→ What is required
The line with "Invasive ductal carcinoma" marks the first line to copy, and the line with "Light: Natural" marks the last. Transcribe that stretch of the data below exactly, without pictures.

(Saved entries)
/---

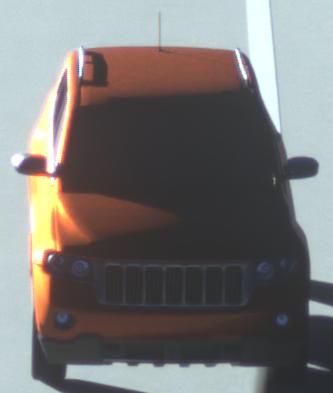
Make: Jeep
Model: Grand Cherokee
Detailed model: WK2
Model produced from: 2010
Model produced until: 2021
Doors: 5
Color: orange
Road condition: dry road
Daytime: sunrise or sunset
Contrast: high contrast
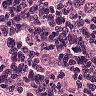
Metastatic tissue present: yes
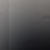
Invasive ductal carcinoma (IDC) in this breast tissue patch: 0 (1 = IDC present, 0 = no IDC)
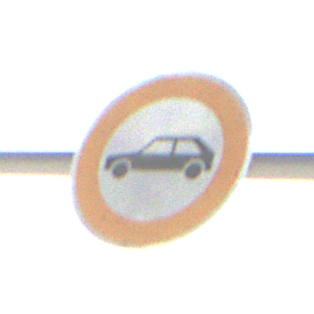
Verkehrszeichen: VerbotPersonenkraftwagen
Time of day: MorningAfternoon
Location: Outdoor (Suburban)
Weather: PartlyCloudy
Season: NotSpecified
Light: Natural
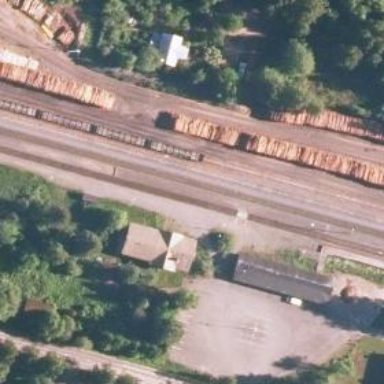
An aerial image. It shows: Continuous rail of track class B1.

\---

→ Exercise answer
Invasive ductal carcinoma (IDC) in this breast tissue patch: 0 (1 = IDC present, 0 = no IDC)
Verkehrszeichen: VerbotPersonenkraftwagen
Time of day: MorningAfternoon
Location: Outdoor (Suburban)
Weather: PartlyCloudy
Season: NotSpecified
Light: Natural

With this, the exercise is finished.